The Velvet Underground & Nico struggled to break through. But, as Brian Eno put it, even though the album initially sold only 30,000 copies, “everyone who bought one of those 30,000 copies started a band”. Reed then fired Warhol, and Nico left. Cale departed, too, after the release of their second album, White Light/White Heat, a record that terrified some listeners with its harsh, atonal soundscapes.
The Velvets recorded more accessible material on their eponymous third album and on Loaded, their fourth, which featured the hit single Sweet Jane. They split up after the release of their final, widely panned album, Squeeze, from 1973 (which at least did live on in the name of the English new-wave pop band).
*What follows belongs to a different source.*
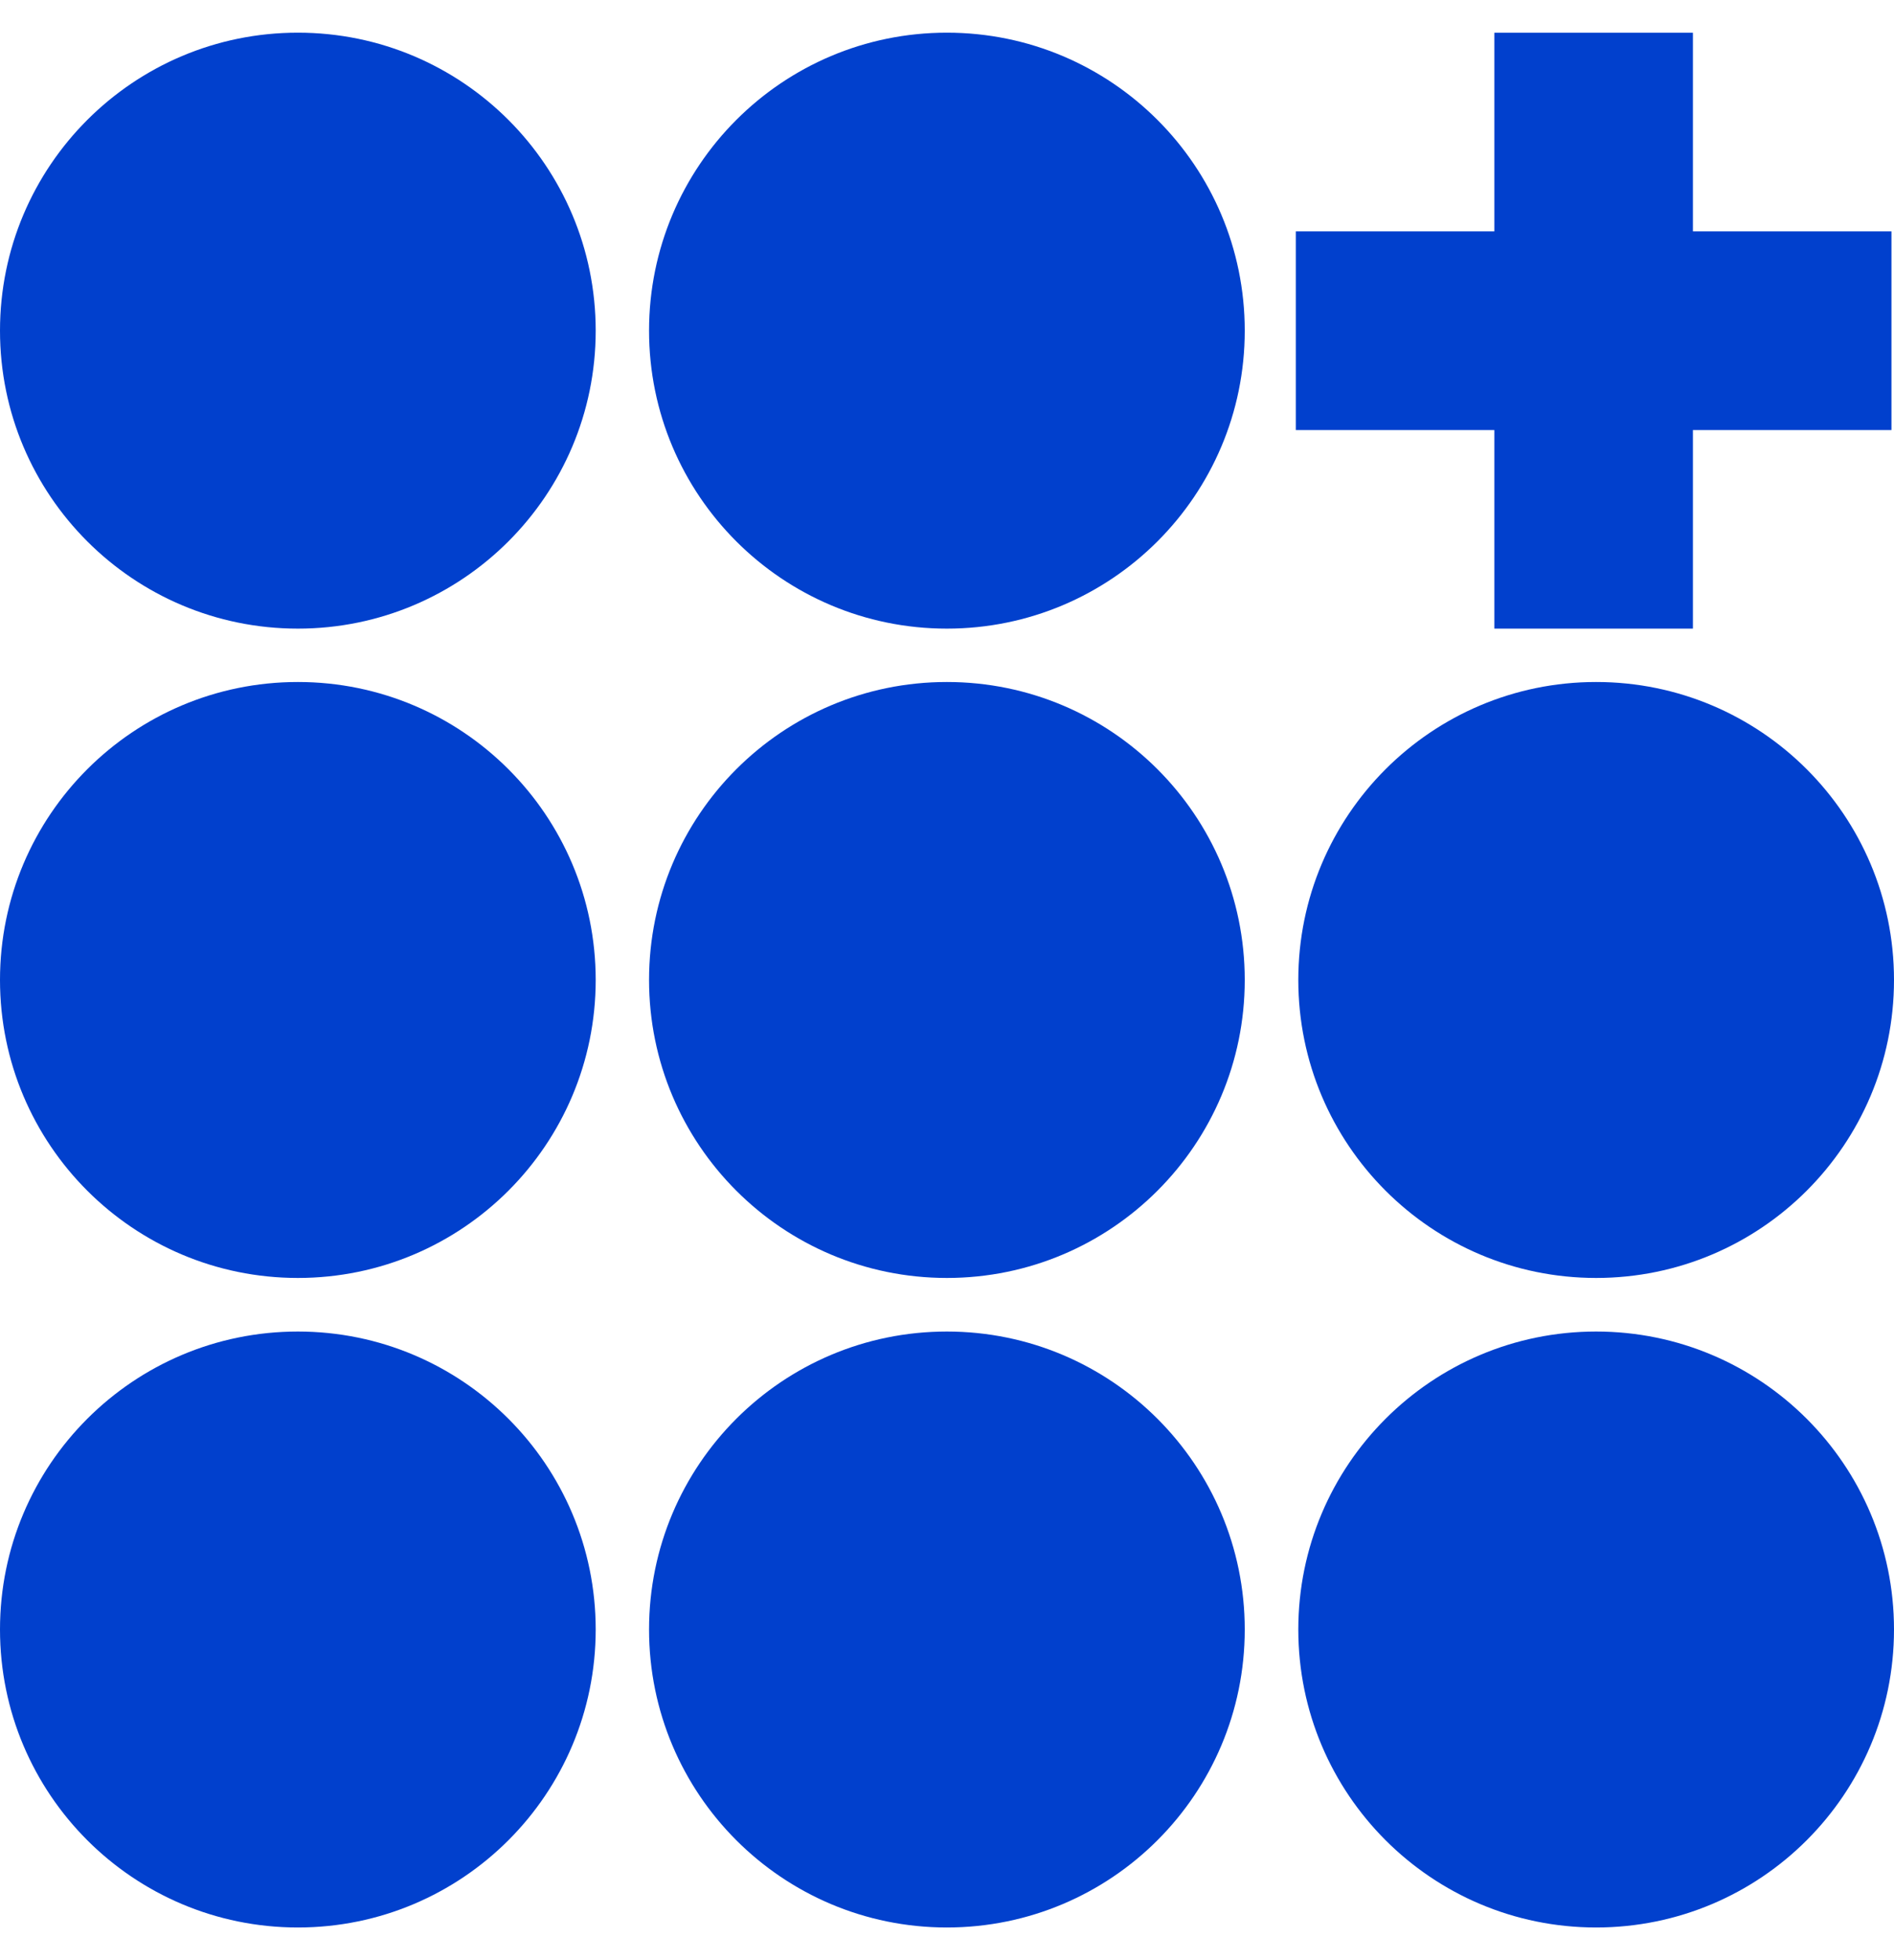 <?xml version="1.0" encoding="UTF-8"?> <svg xmlns="http://www.w3.org/2000/svg" width="29" height="30" viewBox="0 0 29 30" fill="none"><path d="M28.961 3.541V6.582H25.921V9.621H22.881V6.582H19.841V3.541H22.881V0.501H25.921V3.541H28.961Z" fill="#0140CD"></path><path d="M4.561 9.621C7.079 9.621 9.121 7.579 9.121 5.061C9.121 2.542 7.079 0.5 4.561 0.5C2.042 0.5 0 2.542 0 5.061C0 7.579 2.042 9.621 4.561 9.621Z" fill="#0140CD"></path><path d="M14.498 9.621C17.017 9.621 19.059 7.579 19.059 5.061C19.059 2.542 17.017 0.5 14.498 0.5C11.979 0.5 9.938 2.542 9.938 5.061C9.938 7.579 11.979 9.621 14.498 9.621Z" fill="#0140CD"></path><path d="M4.561 19.559C7.079 19.559 9.121 17.517 9.121 14.998C9.121 12.479 7.079 10.438 4.561 10.438C2.042 10.438 0 12.479 0 14.998C0 17.517 2.042 19.559 4.561 19.559Z" fill="#0140CD"></path><path d="M14.498 19.559C17.017 19.559 19.059 17.517 19.059 14.998C19.059 12.479 17.017 10.438 14.498 10.438C11.979 10.438 9.938 12.479 9.938 14.998C9.938 17.517 11.979 19.559 14.498 19.559Z" fill="#0140CD"></path><path d="M24.439 19.559C26.958 19.559 29 17.517 29 14.998C29 12.479 26.958 10.438 24.439 10.438C21.921 10.438 19.879 12.479 19.879 14.998C19.879 17.517 21.921 19.559 24.439 19.559Z" fill="#0140CD"></path><path d="M4.561 29.5C7.079 29.5 9.121 27.458 9.121 24.939C9.121 22.421 7.079 20.379 4.561 20.379C2.042 20.379 0 22.421 0 24.939C0 27.458 2.042 29.5 4.561 29.5Z" fill="#0140CD"></path><path d="M14.498 29.5C17.017 29.5 19.059 27.458 19.059 24.939C19.059 22.421 17.017 20.379 14.498 20.379C11.979 20.379 9.938 22.421 9.938 24.939C9.938 27.458 11.979 29.5 14.498 29.5Z" fill="#0140CD"></path><path d="M24.439 29.5C26.958 29.5 29 27.458 29 24.939C29 22.421 26.958 20.379 24.439 20.379C21.921 20.379 19.879 22.421 19.879 24.939C19.879 27.458 21.921 29.5 24.439 29.5Z" fill="#0140CD"></path></svg>

Jones devotes a good chunk of his book to the afterlife of The Velvet Underground, including the way that the subsequent solo success of Lou Reed and John Cale meant that many listeners – including Jones himself – discovered the musicians’ former band only retrospectively. “I think it was similar for a lot of people of my generation who were obsessed with Bowie in the early 1970s,” he says. “Bowie had this very clever marketing trick of hastily aligning himself with lots of people who had been far more transgressive than he had been. Hence he got involved with Iggy Pop, Mott the Hoople, Lou Reed and others.
“I got into Lou Reed’s Transformer, and then I went backwards and sought out all those Velvets records, which were actually impossible to find at the time. Now you can get anything, anywhere, at the flick of a switch, but in those days it was expensive and difficult. You really had to put the hours in.”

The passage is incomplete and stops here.